IN 1964, biologist W.D. Hamilton first expounded a theory explaining how much of what appears to us as altruism is merely genes' clever way of assuring the propagation of their type via relatives sharing that gene pool. The preeminent defender of Darwin - Dawkins - popularized this theory in The Selfish Gene.
Among the predictions Hamilton made is: "We expect to find that no one is prepared to sacrifice his life for any single person, but that everyone will sacrifice it for more than two brothers [or offspring], or four half-brothers, or eight first cousins," because those choices result in a greater dissemination of a particular gene pool.
To which Stove responds: "Was an expectation more obviously false than this one ever held (let alone published) by any human being?" Throughout history, men have sacrificed themselves for those bearing no relationship to them, just as others have refused to do so for more than two brothers.

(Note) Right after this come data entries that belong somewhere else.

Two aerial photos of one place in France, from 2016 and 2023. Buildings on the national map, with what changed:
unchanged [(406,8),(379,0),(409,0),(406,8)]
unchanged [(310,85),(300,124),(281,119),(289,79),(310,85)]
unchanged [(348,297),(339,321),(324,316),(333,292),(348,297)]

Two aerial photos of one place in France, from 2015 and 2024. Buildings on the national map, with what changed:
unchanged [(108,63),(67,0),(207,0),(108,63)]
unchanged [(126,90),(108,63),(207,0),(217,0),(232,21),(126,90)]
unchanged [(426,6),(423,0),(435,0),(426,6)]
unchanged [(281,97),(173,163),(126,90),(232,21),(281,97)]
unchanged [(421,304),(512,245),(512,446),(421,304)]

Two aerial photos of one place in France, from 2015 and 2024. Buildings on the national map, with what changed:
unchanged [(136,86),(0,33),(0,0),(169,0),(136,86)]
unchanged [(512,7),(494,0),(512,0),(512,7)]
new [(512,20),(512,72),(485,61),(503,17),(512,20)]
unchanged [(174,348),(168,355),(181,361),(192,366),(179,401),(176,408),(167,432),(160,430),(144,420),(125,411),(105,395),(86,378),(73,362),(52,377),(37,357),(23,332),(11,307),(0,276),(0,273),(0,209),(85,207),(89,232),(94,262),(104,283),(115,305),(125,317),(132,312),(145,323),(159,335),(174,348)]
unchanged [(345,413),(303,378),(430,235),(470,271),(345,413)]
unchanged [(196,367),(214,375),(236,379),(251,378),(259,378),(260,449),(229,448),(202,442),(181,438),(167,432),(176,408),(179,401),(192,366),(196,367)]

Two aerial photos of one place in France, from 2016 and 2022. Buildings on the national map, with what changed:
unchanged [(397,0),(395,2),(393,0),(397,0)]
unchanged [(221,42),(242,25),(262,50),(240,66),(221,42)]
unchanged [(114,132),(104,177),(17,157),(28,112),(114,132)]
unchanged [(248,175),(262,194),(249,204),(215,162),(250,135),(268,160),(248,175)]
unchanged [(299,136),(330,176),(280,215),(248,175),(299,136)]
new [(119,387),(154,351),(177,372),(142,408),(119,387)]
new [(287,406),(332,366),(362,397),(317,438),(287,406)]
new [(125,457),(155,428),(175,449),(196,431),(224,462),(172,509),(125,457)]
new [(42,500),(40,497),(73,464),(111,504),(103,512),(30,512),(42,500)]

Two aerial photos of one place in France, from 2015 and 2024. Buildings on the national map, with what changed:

Here is a supposedly scientific theory bearing no relationship to any empirical reality ever observed. Stove offers further commonsense objections: Parents act more altruistically toward their offspring than siblings toward one another, even though in each pair there is an overlap of half the genetic material. If Hamilton's theory were true, we should expect to find incest widespread. In fact, it is taboo. Finally, the theory is predicated on the dubious proposition that animals, or their genes, can tell a sibling from a cousin, and a cousin from other members of the same species.
SOCIOBIOLOGY, Stove demonstrates, is a religion and genes are its gods. In traditional religion, humans exist for the greater glory of God; in sociobiology, humans and all other living things exist for the benefit of their genes. "We are... robot-vehicles blindly programmed to preserve the selfish molecules known as genes," writes Dawkins. Like God, Dawkins's genes are purposeful agents, far smarter than man.

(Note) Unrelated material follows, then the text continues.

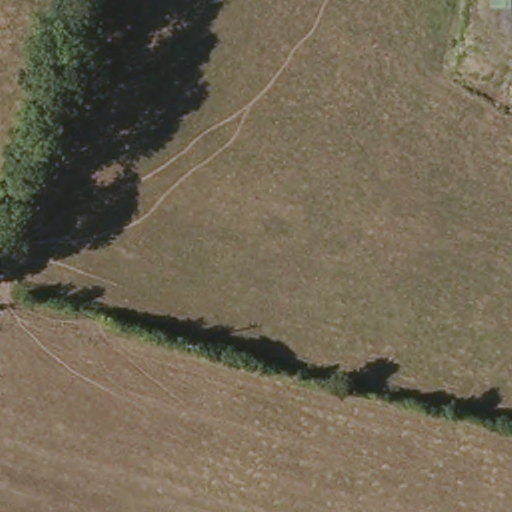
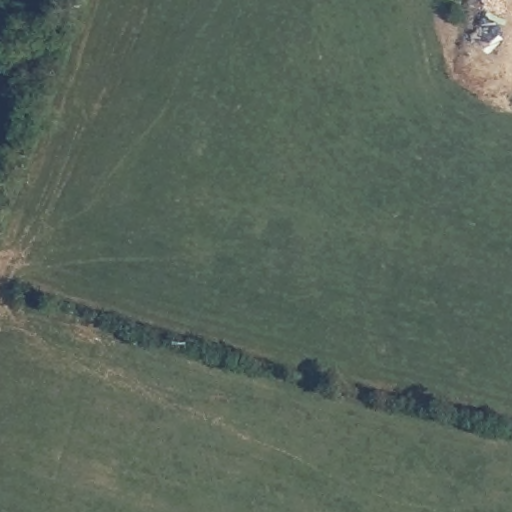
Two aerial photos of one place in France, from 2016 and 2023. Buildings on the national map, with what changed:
[]

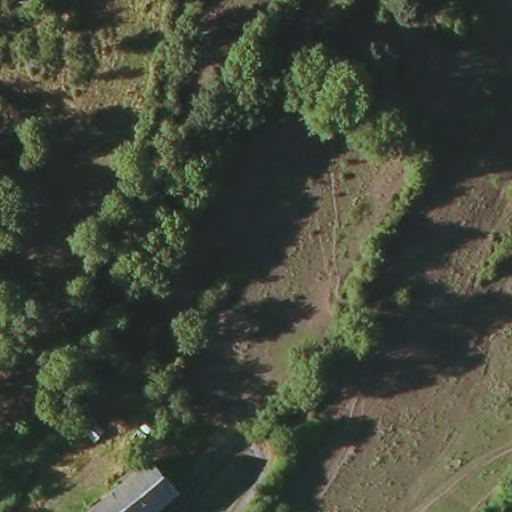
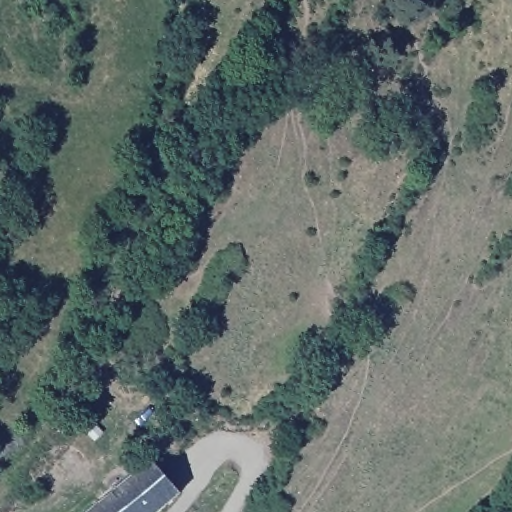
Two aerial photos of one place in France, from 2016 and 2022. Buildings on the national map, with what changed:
unchanged [(156,512),(86,512),(150,458),(180,492),(156,512)]

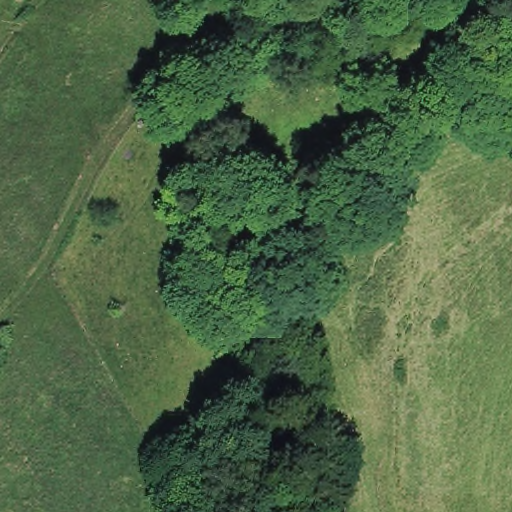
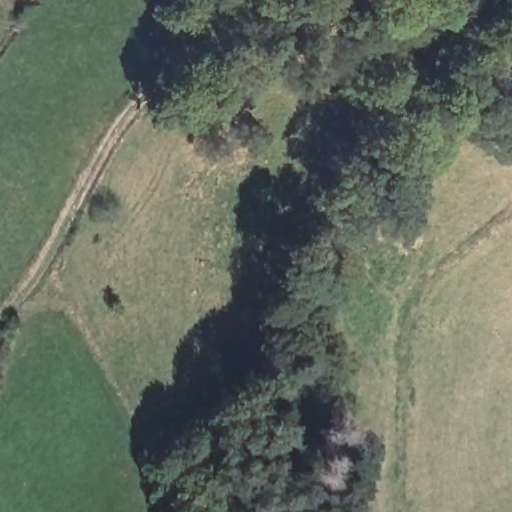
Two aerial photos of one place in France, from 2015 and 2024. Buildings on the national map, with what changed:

He describes how a certain cuckoo parasitically lays its eggs in the nest of the reed warbler, where the cuckoo young get more food by virtue of their wider mouths and brighter crests, as a process in which the cuckoo genes have tricked the reed warbler. Thus, for Dawkins, genes are capable of conceiving a strategy no man could have thought of and of putting into motion the complicated engineering necessary to execute that strategy. In one passage, Dawkins even describes genes as immortal: "[Genes] leap from body to body down the generations, manipulating body after body in its own way and for its own ends . . . The genes are the immortals . . . ."
Writing in 1979, Prof. R.D. Alexander made the bald assertion: "We are programmed to use all our effort, and in fact to use our lives, in production."

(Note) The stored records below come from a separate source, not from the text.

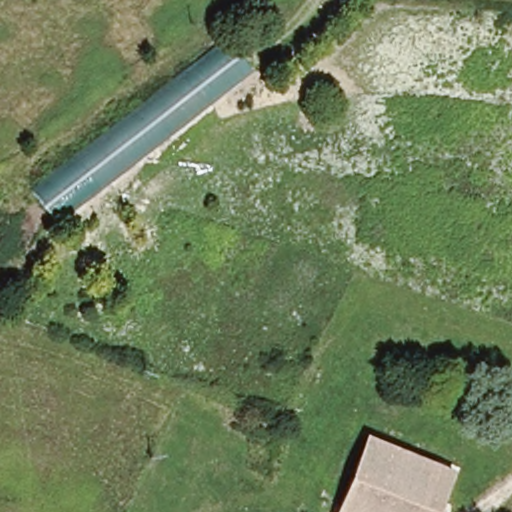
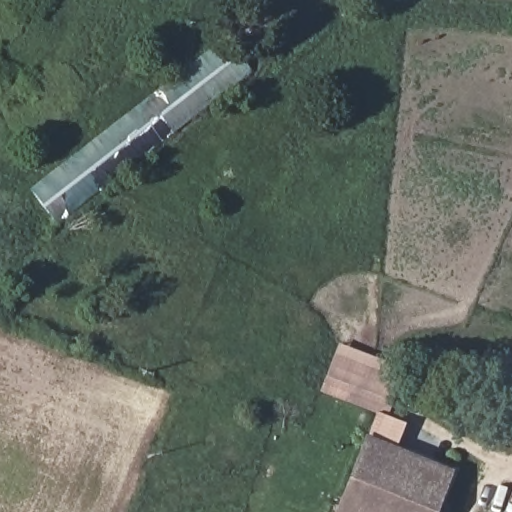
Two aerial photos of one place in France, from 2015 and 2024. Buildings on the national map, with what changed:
unchanged [(48,222),(25,186),(231,44),(257,81),(48,222)]
new [(404,368),(387,417),(406,424),(395,452),(366,440),(376,413),(320,392),(338,343),(404,368)]
unchanged [(453,476),(439,512),(337,512),(366,440),(453,476)]

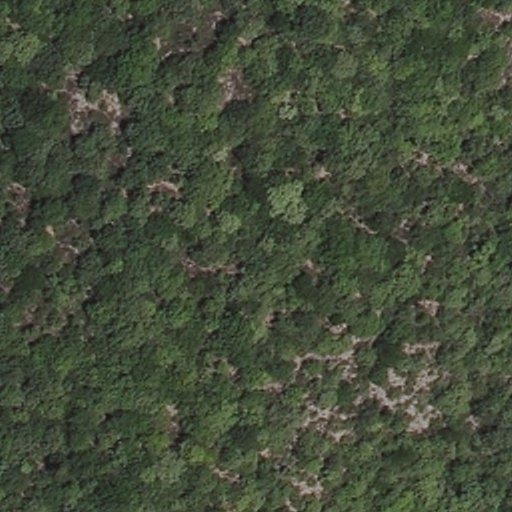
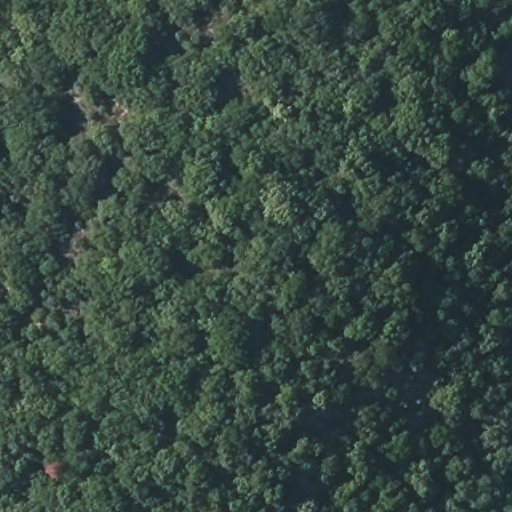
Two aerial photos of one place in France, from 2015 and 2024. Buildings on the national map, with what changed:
[]

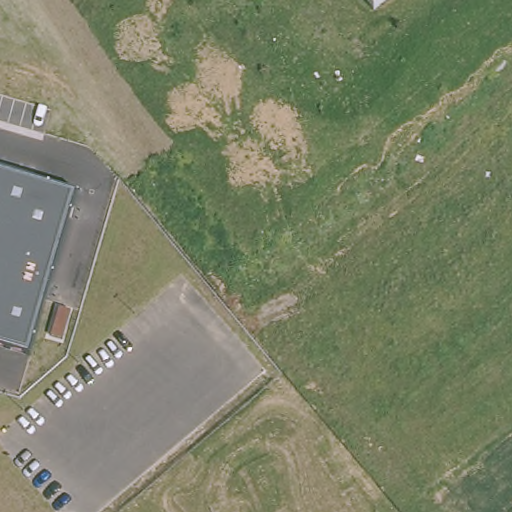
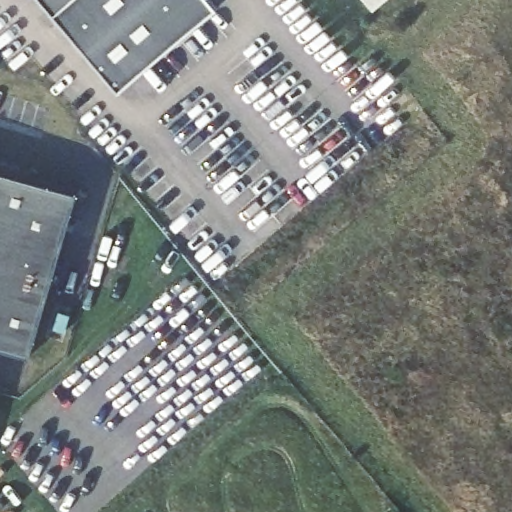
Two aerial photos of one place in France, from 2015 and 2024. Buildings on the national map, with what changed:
new [(118,93),(40,0),(209,0),(216,9),(118,93)]
unchanged [(363,0),(386,0),(373,11),(363,0)]
unchanged [(77,194),(29,359),(0,350),(0,171),(77,194)]

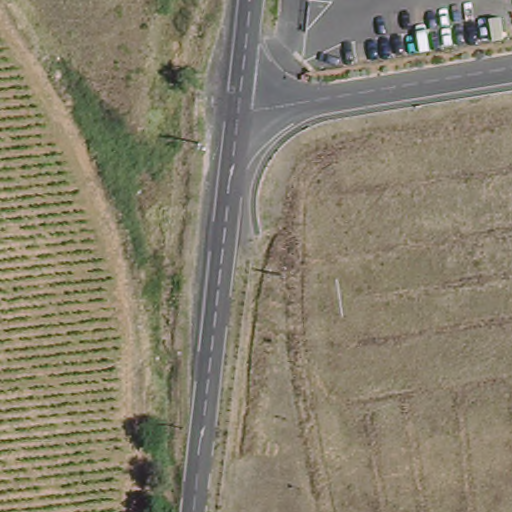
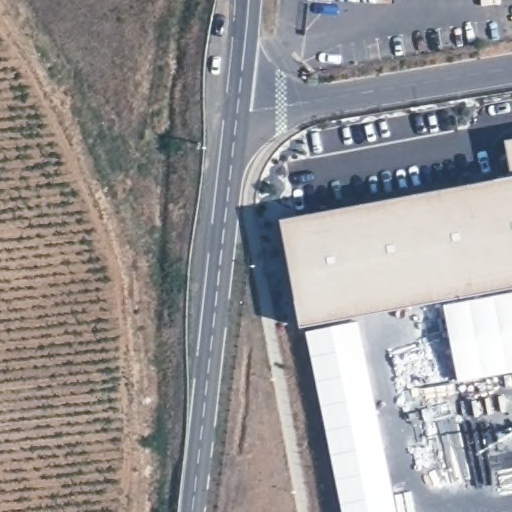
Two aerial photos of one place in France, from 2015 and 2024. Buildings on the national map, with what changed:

And yet it is obvious to any child that most of what we do has nothing to do with reproduction, and never more so than at the present, when large parts of the civilized world are becoming rapidly depopulated.
Confronted with these obvious facts about human nature and behavior, sociobiologists respond by ascribing them to "errors of heredity."
As Stove tartly observes: "Because their theory of man is badly wrong, they say that man is badly wrong; that he incorporates many and grievous biological errors." But the one thing a scientific theory may never do, Stove observes, is "reprehend the facts."
It may observe them, or predict new facts to be discovered, but not criticize those before it.
The only question that remains is: How could so many intelligent men say so many patently silly things? For Dawkins, the answer would no doubt be one of those evolutionary "misfires," such as that to which he attributes religious belief.